=== Exercise ===
The listing below has to be output exactly as given, less its pictures.

=== Extracted data ===
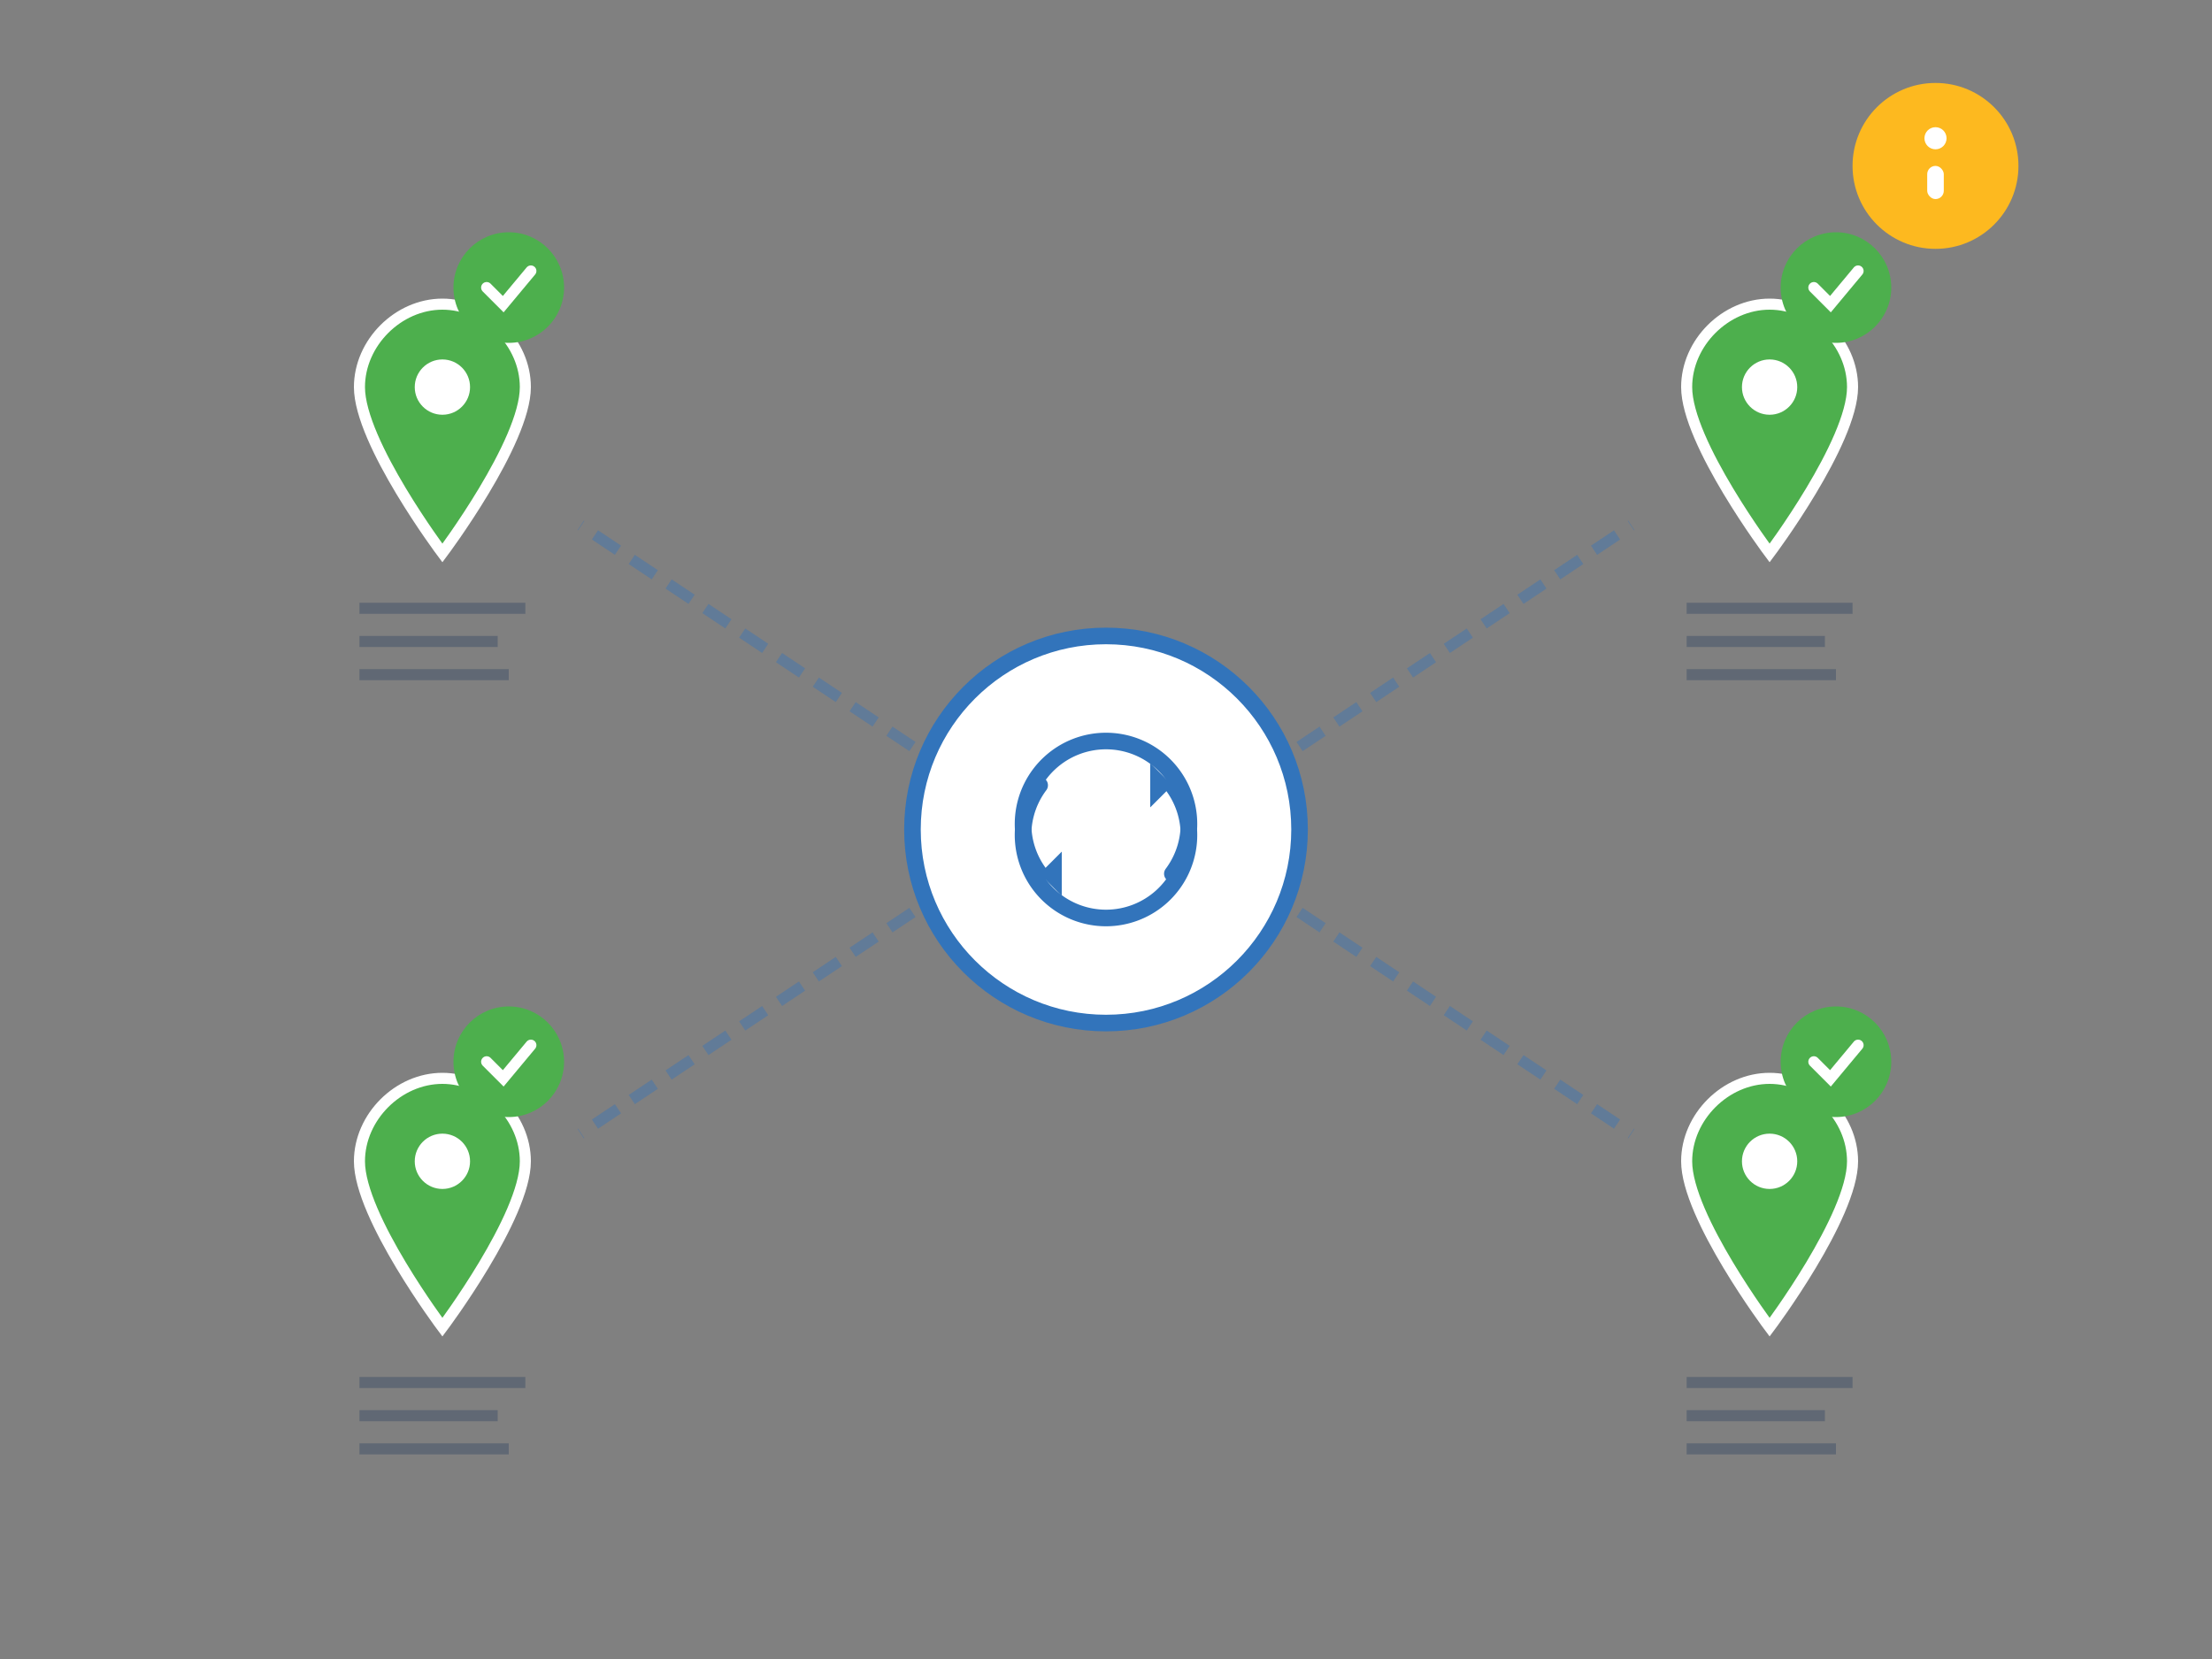 <svg viewBox="0 0 400 300" xmlns="http://www.w3.org/2000/svg">
  <rect x="0" y="0" width="400" height="300" fill="#808080" stroke="none"/>
  <!-- Background -->
  <rect width="400" height="300" fill="none"/>
  
  <!-- Central sync hub -->
  <g transform="translate(200, 150)">
    <!-- Sync circle -->
    <circle cx="0" cy="0" r="35" fill="#fff" stroke="#3274bb" stroke-width="3"/>
    
    <!-- Sync arrows -->
    <path d="M 12 -8 A 15 15 0 1 1 -12 -8" fill="none" stroke="#3274bb" stroke-width="3" stroke-linecap="round"/>
    <polygon points="12,-8 8,-12 8,-4" fill="#3274bb"/>
    
    <path d="M -12 8 A 15 15 0 1 1 12 8" fill="none" stroke="#3274bb" stroke-width="3" stroke-linecap="round"/>
    <polygon points="-12,8 -8,12 -8,4" fill="#3274bb"/>
  </g>
  
  <!-- Location 1 (Top Left) -->
  <g transform="translate(80, 80)">
    <!-- GBP pin -->
    <path d="M 0 -25 C -8 -25 -15 -18 -15 -10 C -15 0 0 20 0 20 C 0 20 15 0 15 -10 C 15 -18 8 -25 0 -25 Z" 
          fill="#4daf4d" stroke="#fff" stroke-width="2"/>
    <circle cx="0" cy="-10" r="5" fill="#fff"/>
    
    <!-- Accuracy checkmark -->
    <circle cx="12" cy="-28" r="10" fill="#4daf4d"/>
    <path d="M 8 -28 L 11 -25 L 16 -31" fill="none" stroke="#fff" stroke-width="2" stroke-linecap="round"/>
    
    <!-- Info lines (business details) -->
    <g transform="translate(0, 30)">
      <line x1="-15" y1="0" x2="15" y2="0" stroke="#173057" stroke-width="2" opacity="0.3"/>
      <line x1="-15" y1="6" x2="10" y2="6" stroke="#173057" stroke-width="2" opacity="0.3"/>
      <line x1="-15" y1="12" x2="12" y2="12" stroke="#173057" stroke-width="2" opacity="0.3"/>
    </g>
  </g>
  
  <!-- Location 2 (Top Right) -->
  <g transform="translate(320, 80)">
    <!-- GBP pin -->
    <path d="M 0 -25 C -8 -25 -15 -18 -15 -10 C -15 0 0 20 0 20 C 0 20 15 0 15 -10 C 15 -18 8 -25 0 -25 Z" 
          fill="#4daf4d" stroke="#fff" stroke-width="2"/>
    <circle cx="0" cy="-10" r="5" fill="#fff"/>
    
    <!-- Accuracy checkmark -->
    <circle cx="12" cy="-28" r="10" fill="#4daf4d"/>
    <path d="M 8 -28 L 11 -25 L 16 -31" fill="none" stroke="#fff" stroke-width="2" stroke-linecap="round"/>
    
    <!-- Info lines (business details) -->
    <g transform="translate(0, 30)">
      <line x1="-15" y1="0" x2="15" y2="0" stroke="#173057" stroke-width="2" opacity="0.3"/>
      <line x1="-15" y1="6" x2="10" y2="6" stroke="#173057" stroke-width="2" opacity="0.3"/>
      <line x1="-15" y1="12" x2="12" y2="12" stroke="#173057" stroke-width="2" opacity="0.3"/>
    </g>
  </g>
  
  <!-- Location 3 (Bottom Left) -->
  <g transform="translate(80, 220)">
    <!-- GBP pin -->
    <path d="M 0 -25 C -8 -25 -15 -18 -15 -10 C -15 0 0 20 0 20 C 0 20 15 0 15 -10 C 15 -18 8 -25 0 -25 Z" 
          fill="#4daf4d" stroke="#fff" stroke-width="2"/>
    <circle cx="0" cy="-10" r="5" fill="#fff"/>
    
    <!-- Accuracy checkmark -->
    <circle cx="12" cy="-28" r="10" fill="#4daf4d"/>
    <path d="M 8 -28 L 11 -25 L 16 -31" fill="none" stroke="#fff" stroke-width="2" stroke-linecap="round"/>
    
    <!-- Info lines (business details) -->
    <g transform="translate(0, 30)">
      <line x1="-15" y1="0" x2="15" y2="0" stroke="#173057" stroke-width="2" opacity="0.3"/>
      <line x1="-15" y1="6" x2="10" y2="6" stroke="#173057" stroke-width="2" opacity="0.3"/>
      <line x1="-15" y1="12" x2="12" y2="12" stroke="#173057" stroke-width="2" opacity="0.3"/>
    </g>
  </g>
  
  <!-- Location 4 (Bottom Right) -->
  <g transform="translate(320, 220)">
    <!-- GBP pin -->
    <path d="M 0 -25 C -8 -25 -15 -18 -15 -10 C -15 0 0 20 0 20 C 0 20 15 0 15 -10 C 15 -18 8 -25 0 -25 Z" 
          fill="#4daf4d" stroke="#fff" stroke-width="2"/>
    <circle cx="0" cy="-10" r="5" fill="#fff"/>
    
    <!-- Accuracy checkmark -->
    <circle cx="12" cy="-28" r="10" fill="#4daf4d"/>
    <path d="M 8 -28 L 11 -25 L 16 -31" fill="none" stroke="#fff" stroke-width="2" stroke-linecap="round"/>
    
    <!-- Info lines (business details) -->
    <g transform="translate(0, 30)">
      <line x1="-15" y1="0" x2="15" y2="0" stroke="#173057" stroke-width="2" opacity="0.3"/>
      <line x1="-15" y1="6" x2="10" y2="6" stroke="#173057" stroke-width="2" opacity="0.3"/>
      <line x1="-15" y1="12" x2="12" y2="12" stroke="#173057" stroke-width="2" opacity="0.3"/>
    </g>
  </g>
  
  <!-- Connection lines from center to locations -->
  <line x1="165" y1="135" x2="105" y2="95" stroke="#3274bb" stroke-width="2" stroke-dasharray="5,3" opacity="0.4"/>
  <line x1="235" y1="135" x2="295" y2="95" stroke="#3274bb" stroke-width="2" stroke-dasharray="5,3" opacity="0.4"/>
  <line x1="165" y1="165" x2="105" y2="205" stroke="#3274bb" stroke-width="2" stroke-dasharray="5,3" opacity="0.4"/>
  <line x1="235" y1="165" x2="295" y2="205" stroke="#3274bb" stroke-width="2" stroke-dasharray="5,3" opacity="0.4"/>
  
  <!-- Alert notification badge -->
  <g transform="translate(350, 30)">
    <circle cx="0" cy="0" r="15" fill="#fdb91f"/>
    <circle cx="0" cy="-5" r="2" fill="#fff"/>
    <rect x="-1.5" y="0" width="3" height="6" fill="#fff" rx="1.5"/>
  </g>
</svg>

=== Written solution ===
 <svg viewBox="0 0 400 300" xmlns="http://www.w3.org/2000/svg">
  <rect x="0" y="0" width="400" height="300" fill="#808080" stroke="none"/>
  <!-- Background -->
  <rect width="400" height="300" fill="none"/>
  
  <!-- Central sync hub -->
  <g transform="translate(200, 150)">
    <!-- Sync circle -->
    <circle cx="0" cy="0" r="35" fill="#fff" stroke="#3274bb" stroke-width="3"/>
    
    <!-- Sync arrows -->
    <path d="M 12 -8 A 15 15 0 1 1 -12 -8" fill="none" stroke="#3274bb" stroke-width="3" stroke-linecap="round"/>
    <polygon points="12,-8 8,-12 8,-4" fill="#3274bb"/>
    
    <path d="M -12 8 A 15 15 0 1 1 12 8" fill="none" stroke="#3274bb" stroke-width="3" stroke-linecap="round"/>
    <polygon points="-12,8 -8,12 -8,4" fill="#3274bb"/>
  </g>
  
  <!-- Location 1 (Top Left) -->
  <g transform="translate(80, 80)">
    <!-- GBP pin -->
    <path d="M 0 -25 C -8 -25 -15 -18 -15 -10 C -15 0 0 20 0 20 C 0 20 15 0 15 -10 C 15 -18 8 -25 0 -25 Z" 
          fill="#4daf4d" stroke="#fff" stroke-width="2"/>
    <circle cx="0" cy="-10" r="5" fill="#fff"/>
    
    <!-- Accuracy checkmark -->
    <circle cx="12" cy="-28" r="10" fill="#4daf4d"/>
    <path d="M 8 -28 L 11 -25 L 16 -31" fill="none" stroke="#fff" stroke-width="2" stroke-linecap="round"/>
    
    <!-- Info lines (business details) -->
    <g transform="translate(0, 30)">
      <line x1="-15" y1="0" x2="15" y2="0" stroke="#173057" stroke-width="2" opacity="0.3"/>
      <line x1="-15" y1="6" x2="10" y2="6" stroke="#173057" stroke-width="2" opacity="0.3"/>
      <line x1="-15" y1="12" x2="12" y2="12" stroke="#173057" stroke-width="2" opacity="0.3"/>
    </g>
  </g>
  
  <!-- Location 2 (Top Right) -->
  <g transform="translate(320, 80)">
    <!-- GBP pin -->
    <path d="M 0 -25 C -8 -25 -15 -18 -15 -10 C -15 0 0 20 0 20 C 0 20 15 0 15 -10 C 15 -18 8 -25 0 -25 Z" 
          fill="#4daf4d" stroke="#fff" stroke-width="2"/>
    <circle cx="0" cy="-10" r="5" fill="#fff"/>
    
    <!-- Accuracy checkmark -->
    <circle cx="12" cy="-28" r="10" fill="#4daf4d"/>
    <path d="M 8 -28 L 11 -25 L 16 -31" fill="none" stroke="#fff" stroke-width="2" stroke-linecap="round"/>
    
    <!-- Info lines (business details) -->
    <g transform="translate(0, 30)">
      <line x1="-15" y1="0" x2="15" y2="0" stroke="#173057" stroke-width="2" opacity="0.3"/>
      <line x1="-15" y1="6" x2="10" y2="6" stroke="#173057" stroke-width="2" opacity="0.3"/>
      <line x1="-15" y1="12" x2="12" y2="12" stroke="#173057" stroke-width="2" opacity="0.3"/>
    </g>
  </g>
  
  <!-- Location 3 (Bottom Left) -->
  <g transform="translate(80, 220)">
    <!-- GBP pin -->
    <path d="M 0 -25 C -8 -25 -15 -18 -15 -10 C -15 0 0 20 0 20 C 0 20 15 0 15 -10 C 15 -18 8 -25 0 -25 Z" 
          fill="#4daf4d" stroke="#fff" stroke-width="2"/>
    <circle cx="0" cy="-10" r="5" fill="#fff"/>
    
    <!-- Accuracy checkmark -->
    <circle cx="12" cy="-28" r="10" fill="#4daf4d"/>
    <path d="M 8 -28 L 11 -25 L 16 -31" fill="none" stroke="#fff" stroke-width="2" stroke-linecap="round"/>
    
    <!-- Info lines (business details) -->
    <g transform="translate(0, 30)">
      <line x1="-15" y1="0" x2="15" y2="0" stroke="#173057" stroke-width="2" opacity="0.3"/>
      <line x1="-15" y1="6" x2="10" y2="6" stroke="#173057" stroke-width="2" opacity="0.3"/>
      <line x1="-15" y1="12" x2="12" y2="12" stroke="#173057" stroke-width="2" opacity="0.3"/>
    </g>
  </g>
  
  <!-- Location 4 (Bottom Right) -->
  <g transform="translate(320, 220)">
    <!-- GBP pin -->
    <path d="M 0 -25 C -8 -25 -15 -18 -15 -10 C -15 0 0 20 0 20 C 0 20 15 0 15 -10 C 15 -18 8 -25 0 -25 Z" 
          fill="#4daf4d" stroke="#fff" stroke-width="2"/>
    <circle cx="0" cy="-10" r="5" fill="#fff"/>
    
    <!-- Accuracy checkmark -->
    <circle cx="12" cy="-28" r="10" fill="#4daf4d"/>
    <path d="M 8 -28 L 11 -25 L 16 -31" fill="none" stroke="#fff" stroke-width="2" stroke-linecap="round"/>
    
    <!-- Info lines (business details) -->
    <g transform="translate(0, 30)">
      <line x1="-15" y1="0" x2="15" y2="0" stroke="#173057" stroke-width="2" opacity="0.3"/>
      <line x1="-15" y1="6" x2="10" y2="6" stroke="#173057" stroke-width="2" opacity="0.3"/>
      <line x1="-15" y1="12" x2="12" y2="12" stroke="#173057" stroke-width="2" opacity="0.3"/>
    </g>
  </g>
  
  <!-- Connection lines from center to locations -->
  <line x1="165" y1="135" x2="105" y2="95" stroke="#3274bb" stroke-width="2" stroke-dasharray="5,3" opacity="0.4"/>
  <line x1="235" y1="135" x2="295" y2="95" stroke="#3274bb" stroke-width="2" stroke-dasharray="5,3" opacity="0.4"/>
  <line x1="165" y1="165" x2="105" y2="205" stroke="#3274bb" stroke-width="2" stroke-dasharray="5,3" opacity="0.4"/>
  <line x1="235" y1="165" x2="295" y2="205" stroke="#3274bb" stroke-width="2" stroke-dasharray="5,3" opacity="0.4"/>
  
  <!-- Alert notification badge -->
  <g transform="translate(350, 30)">
    <circle cx="0" cy="0" r="15" fill="#fdb91f"/>
    <circle cx="0" cy="-5" r="2" fill="#fff"/>
    <rect x="-1.5" y="0" width="3" height="6" fill="#fff" rx="1.5"/>
  </g>
</svg>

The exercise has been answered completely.